These are the kinds of settings where grace is found, as readers will discover in a new inspirational book from Herald Press. Fifty Shades of Grace: Stories of Inspiration and Promise is filled with short, true-life accounts from Jim Wallis, Lovella Schellenberg, Marty Troyer, Ron Dueck, Joanne Klassen, Owen Burkholder and many other writers, mostly from the Mennonite/Anabaptist tradition.

The stories of this inspirational book tell of grace moments related to occupation, parenting, family relationships, grief and death, ministry and difficult life situations.
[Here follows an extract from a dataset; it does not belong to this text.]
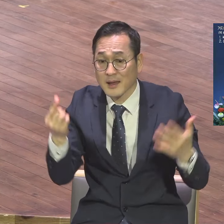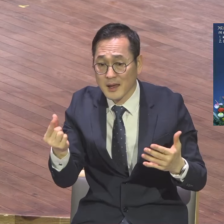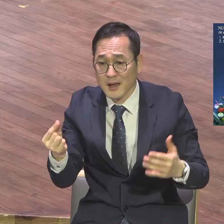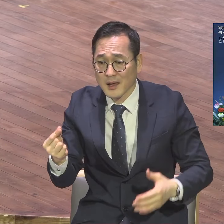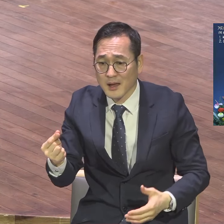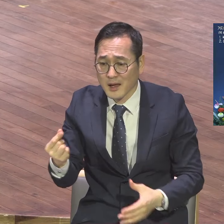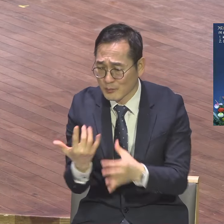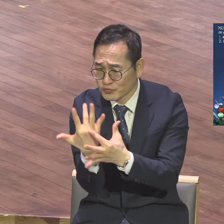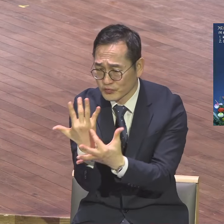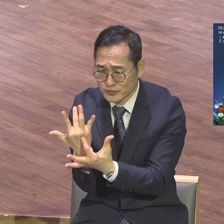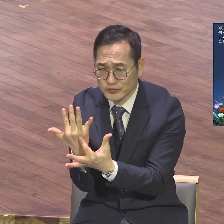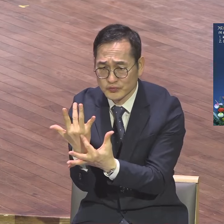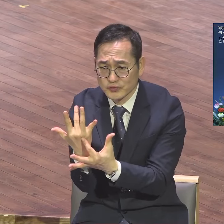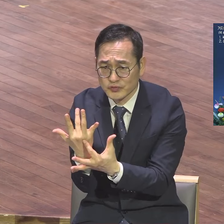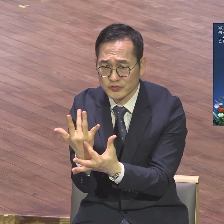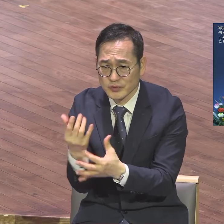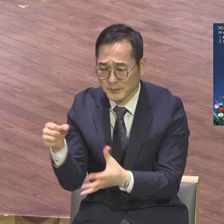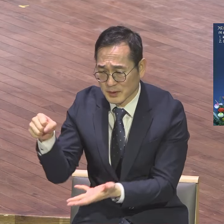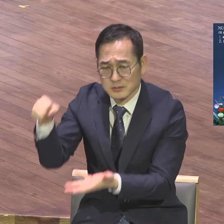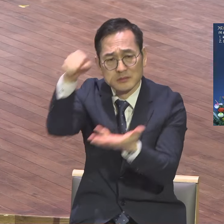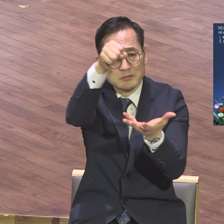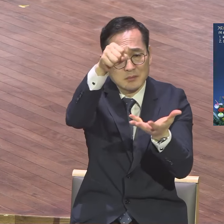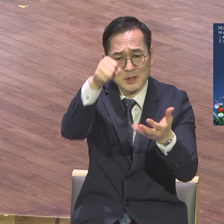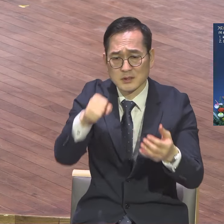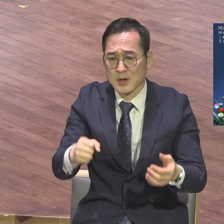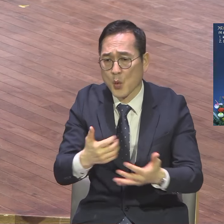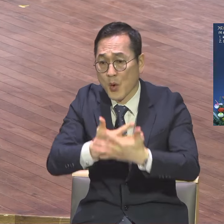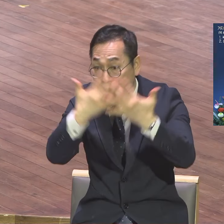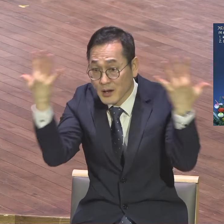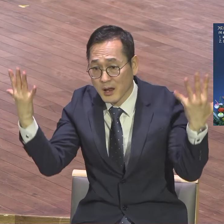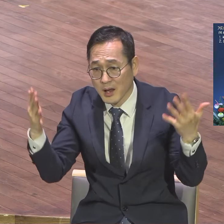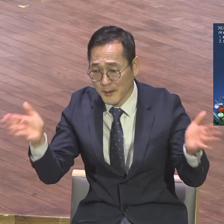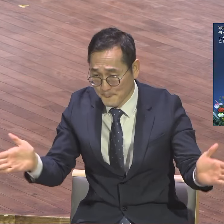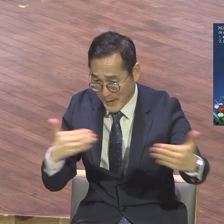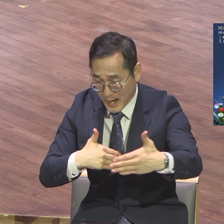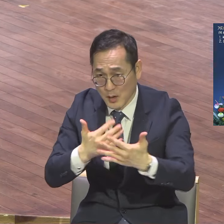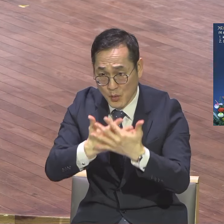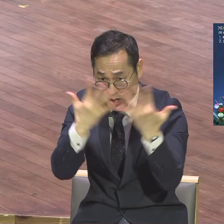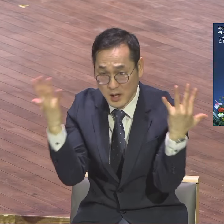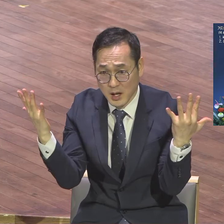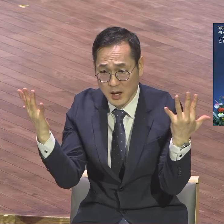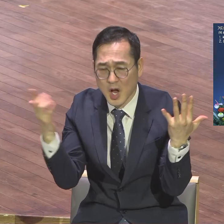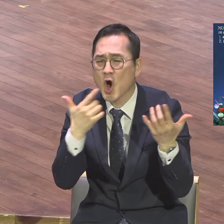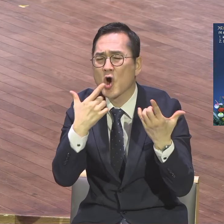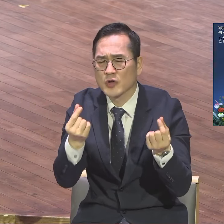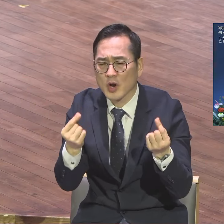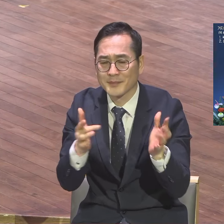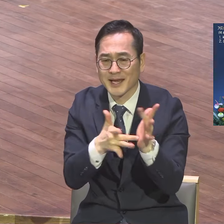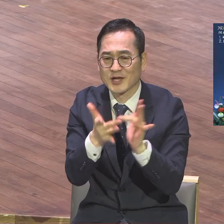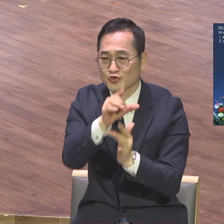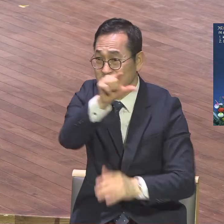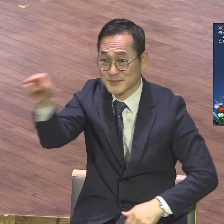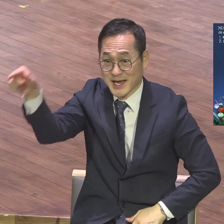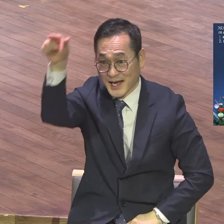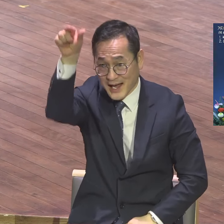잘 보이도록 그걸 강조했습니다 무슨 말입니까 예수 그리스도의 십자가의 복음은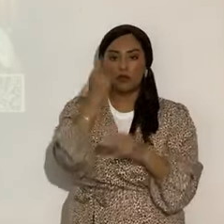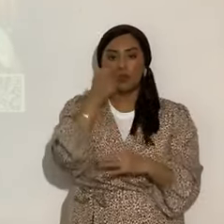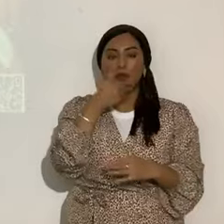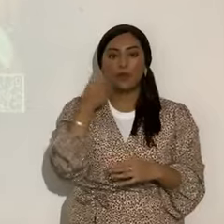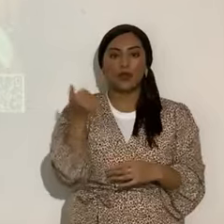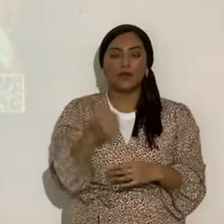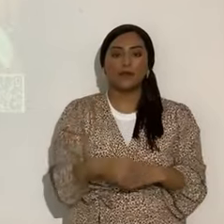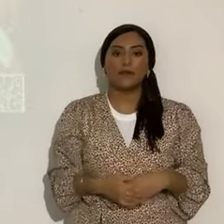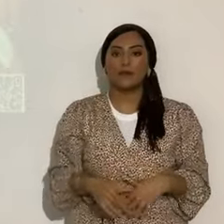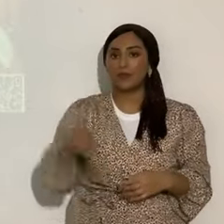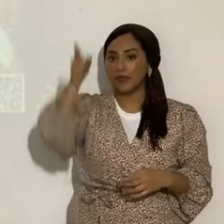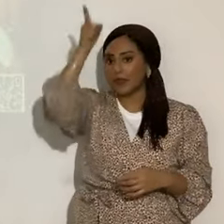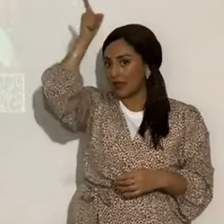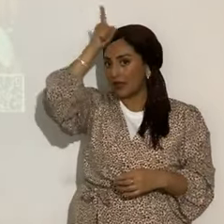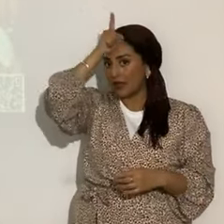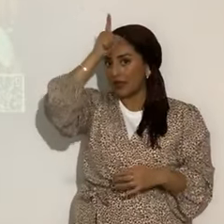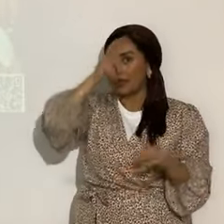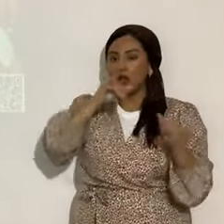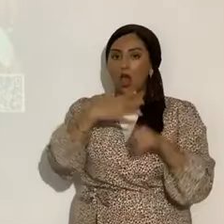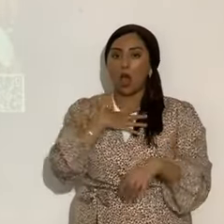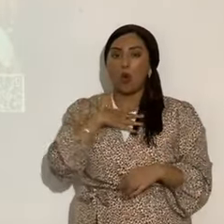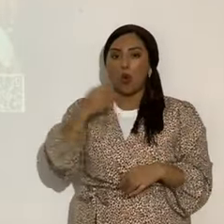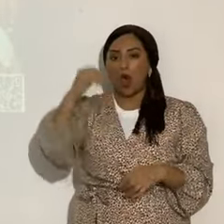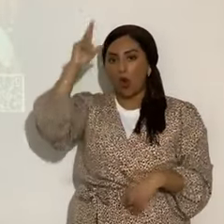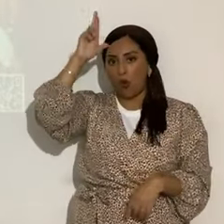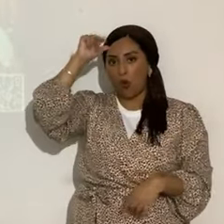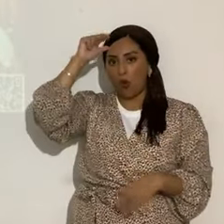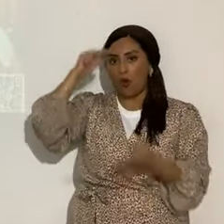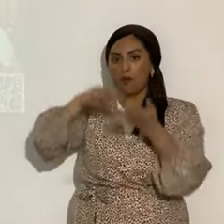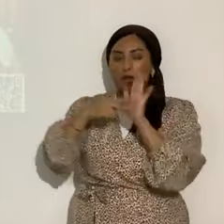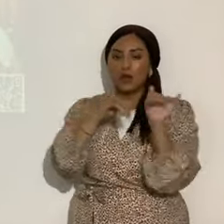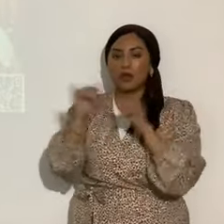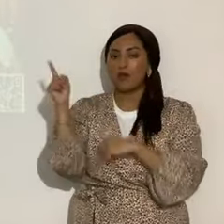El unicornio es un caballo blanco, representa al Antimashiach. ¿Cómo ves?

It can also be discussed in small groups using a brief study guide at the back of the book.

In his foreword, Donald B. Kraybill, an authority on Anabaptist groups and co-author of Amish Grace: How Forgiveness Transcended Tragedy, writes, “The stories compel, mesmerize, and strike again and again with wonderment for the many colours of God’s lavish love. These contemporary stories of grace all rub against the grain of popular culture. They offer a redemptive counterpoint to the darkness and oppression lurking in the shadows of bestseller Fifty Shades of Grey.”

Dennis Hollinger, president of Gordon-Conwell Theological Seminary in Massachusetts, and author of The Meaning of Sex: Christian Ethics and the Moral Life, writes, “Unlike the book with a similar title, Fifty Shades of Grace portrays the divine reality that meets the greatest need of humans, and their deepest longings.”